ABI
Abstract
This page is a work in progress.
Table of
Definitions
ABI
In general (not considering C++), an Application Binary Interface is an interface between compiled code modules. “Compiled” implies the modules contain machine code, rather than human-readable source code.
When we consider C++, the ABI for a platform defines how a compiler generates machine code for several language features. The Itanium ABI provides a convenient definition; it is both general enough to be correct and specific enough to be interesting:
[The C++ ABI is] the object code interfaces between different user-provided C++ program fragments and between those fragments and the implementation-provided runtime and libraries. This includes the memory layout for C++ data objects, including both predefined and user-defined data types, as well as internal compiler generated objects such as virtual tables. It also includes function calling interfaces, exception handling interfaces, global naming, and various object code conventions.
We look a bit closer at some of these language features below.
REVIEW(sean): Is Itanium’s list of language features sufficiently exhaustive for our needs?
Note: above we say, “the ABI for a platform”, rather than “the C++ Standard ABI”. Indeed, an ABI is only relevant when considering specific compilers and hardware, and the C++ Standard does not attempt to standardize an ABI for all conforming platforms. It does, however, enforce certain restrictions that have impacts on any ABI, such as alignment requirements for standard types. CITATION NEEDED.
Memory Layout for Objects & Virtual Tables
Do base class members come before or after the derived members? Multiple inheritance: left to right? right to left? pack anything cleverly? Note this is where the Empty Base Optimization takes place.
Calling Conventions
For Itanium, For trivial types, same as C For non trivial types: 1. Allocate space for the class on the stack 2. The caller invokes the copy constructor 3. The address is passed as a normal argument 4. The caller invokes the destructor.

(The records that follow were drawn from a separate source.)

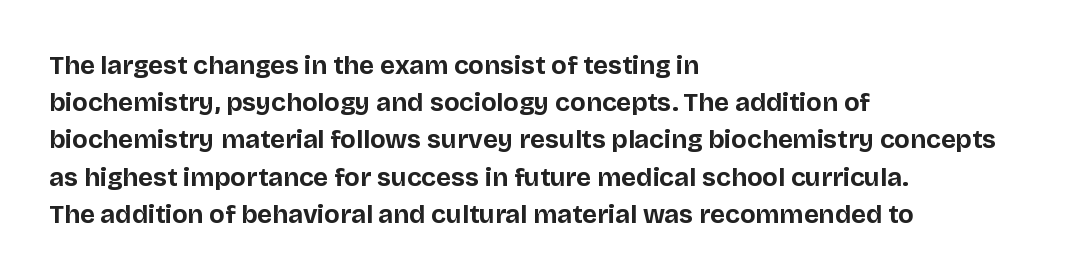
The image shows 26 px bold type, upright; set left-aligned, normal line spacing (1.43x), normal letter spacing, not underlined.
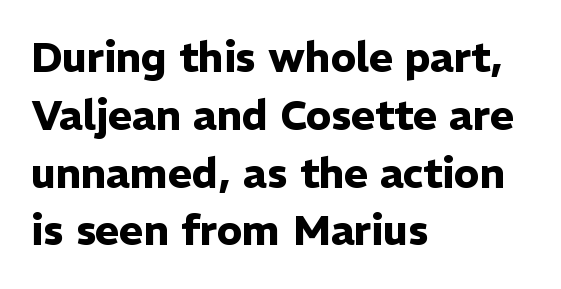
{"serif": "no", "italic": "no", "bold": "yes", "weight": "heavy", "width": "normal", "stroke_contrast": "low", "x_height": "medium", "monospaced": "no", "underline": "no", "align": "left", "line_spacing": "normal", "line_spacing_ratio": 1.41, "letter_spacing": "normal", "letter_spacing_em": 0.0, "glyph_px": 41}
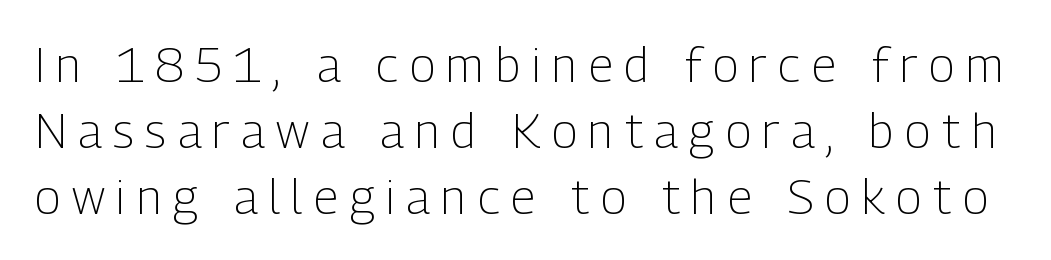
{"serif": "no", "italic": "no", "bold": "no", "weight": "light", "width": "condensed", "stroke_contrast": "low", "x_height": "medium", "monospaced": "no", "underline": "no", "line_spacing": "normal", "line_spacing_ratio": 1.37, "letter_spacing": "wide", "letter_spacing_em": 0.24, "glyph_px": 48}
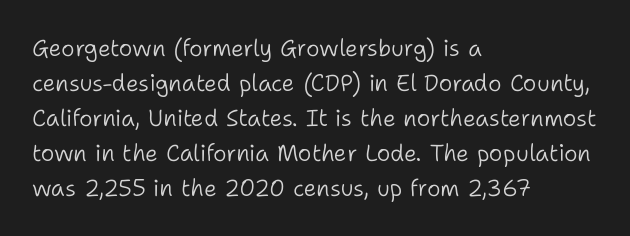
Weight: not bold — regular or lighter. The typesetter chose a ragged-right arrangement here. Each new line begins a customary step beneath the previous one. You could call the tracking neutral — neither tight nor loose. Only glyphs here, with clear space below each row. You can tell it's not italic because the verticals are truly vertical.
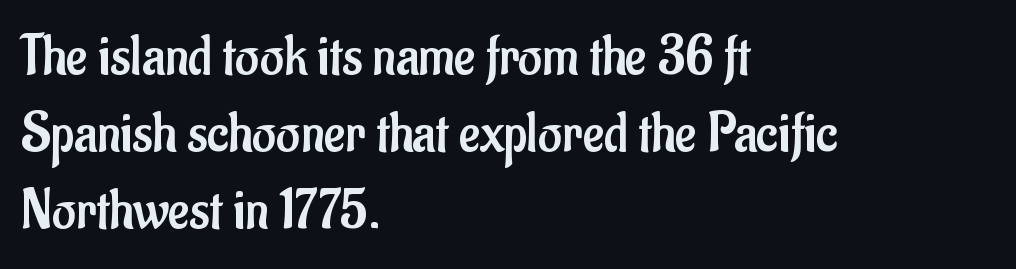
Q: Is the text bold? A: No.
Q: Is the text italic (slanted)? A: No, it is upright.
Q: Is the typeface a serif or a sans-serif typeface? A: Sans-serif.
Q: Is the text underlined? A: No.
Q: How is the paragraph aligned? A: Left-aligned.
Q: Is the spacing between letters normal or unusually wide? A: Normal.
Q: Is the spacing between lines tight, normal or loose? A: Normal.
Q: Width (condensed, normal, or wide)? A: Condensed.
Q: Stroke contrast? A: Low.
Q: x-height? A: Small.
Q: Monospaced? A: No.
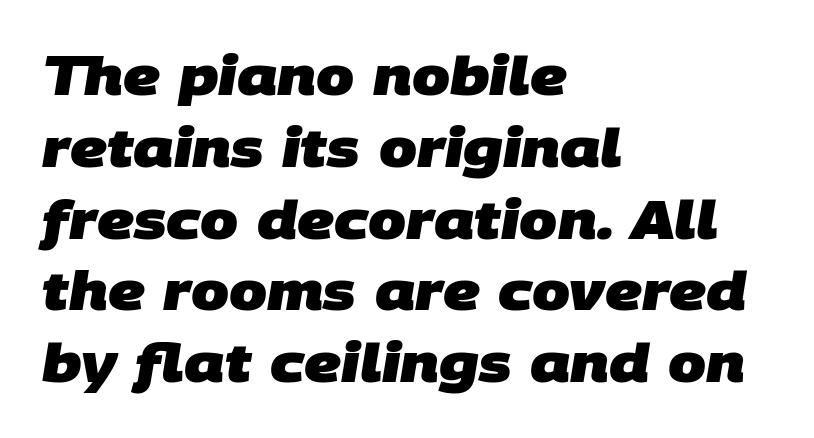
Q: Is the text bold? A: Yes.
Q: Is the typeface a serif or a sans-serif typeface? A: Sans-serif.
Q: Is the text underlined? A: No.
Q: How is the paragraph aligned? A: Left-aligned.
Q: Is the spacing between letters normal or unusually wide? A: Normal.
Q: Is the spacing between lines tight, normal or loose? A: Normal.
Q: Width (condensed, normal, or wide)? A: Normal.
Q: Stroke contrast? A: Low.
Q: x-height? A: Large.
Q: Monospaced? A: No.
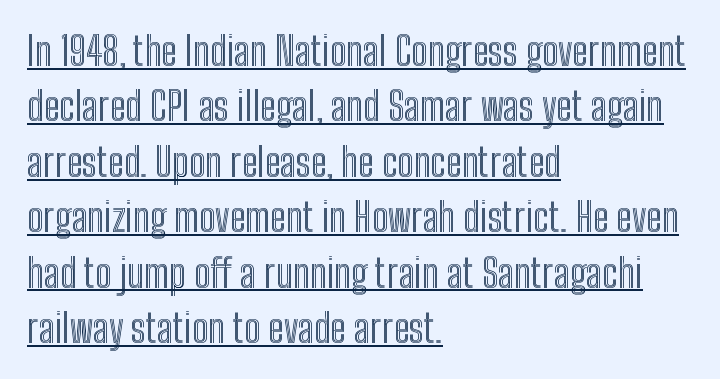
Q: Is the text italic (slanted)? A: No, it is upright.
Q: Is the text underlined? A: Yes.
Q: How is the paragraph aligned? A: Left-aligned.
Q: Is the spacing between letters normal or unusually wide? A: Normal.
Q: Is the spacing between lines tight, normal or loose? A: Normal.
Q: Width (condensed, normal, or wide)? A: Condensed.
Q: x-height? A: Medium.
Q: Monospaced? A: No.
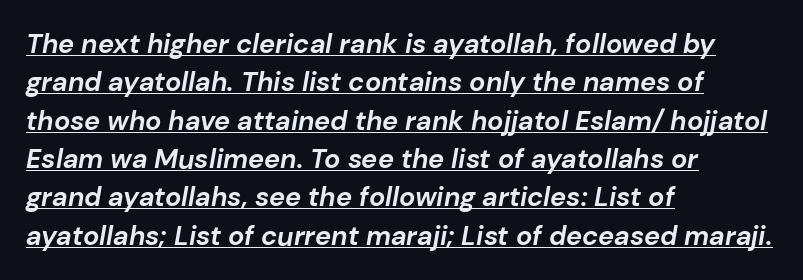
In terms of weight, the rendering is a true, heavy bold. The rendering keeps characters at their native spacing. Evenly set lines give the paragraph a standard silhouette. Check the space under the baseline: a stroke is drawn there.
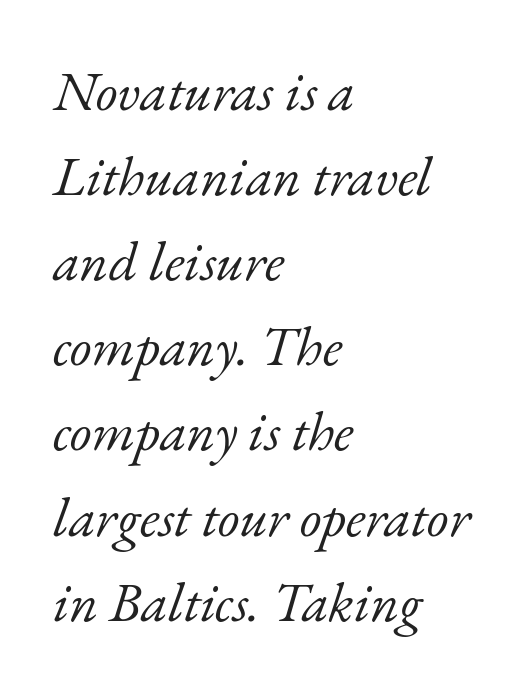
{"serif": "yes", "italic": "yes", "lean": "right", "slant_degrees": 17, "bold": "no", "weight": "light", "width": "normal", "stroke_contrast": "low", "x_height": "small", "monospaced": "no", "underline": "no", "align": "left", "line_spacing": "normal", "line_spacing_ratio": 1.52, "letter_spacing": "normal", "letter_spacing_em": 0.0, "glyph_px": 56}

This convention is arbitrary. The only way compiled modules know to behave this way is by adhering to the convention. A precompiled binary cannot (easily? at all?) change its convention without recompiling.
Triviality of class can determines whether a struct is passed in registers or on the stack; defaulting destructors can break this ~Foo() = default
vs ~Foo() {}
.
Exception Handling
Name Mangling
Other
Vtable layout, RTTI Layout Exception Handling
One Definition Rule (ODR)
ODR in the Standard ODR in cppreference
“Why can’t the linker catch these?”
ODR-used
I’ll make the argument that you already know what ODR-used means, just with a different intuition. To ODR-use a name is to use it in some way that requires the definition to be present at link time. If you’ve ever gotten a linker error, that means you’ve ODR-used an entity, and the linker could not find the definition.
Naturally, then, forward declarations
1
2
3
4
void foo(); // like this,
class T bar(class U u); // or this,
class V; // or this,
using X = Baz; // or this (since Baz may be incomplete at this line)
would not constitute ODR-use. By contrast, each of these lines:
1
2
foo(); // calling a function
T my_t; // declaring a variable of a specific type
does constitute ODR-use. And of course, this is not exhaustive. How many ways can you think of to cause a linker error? They’re all examples of ODR-using a name.
In summary, you can think of “ODR-used” as “possibly causing a linker error”.
TODO: Cover the cases where this intuition is misguided. TODO: Add some examples with static data members, that’s where stuff gets a bit wonky.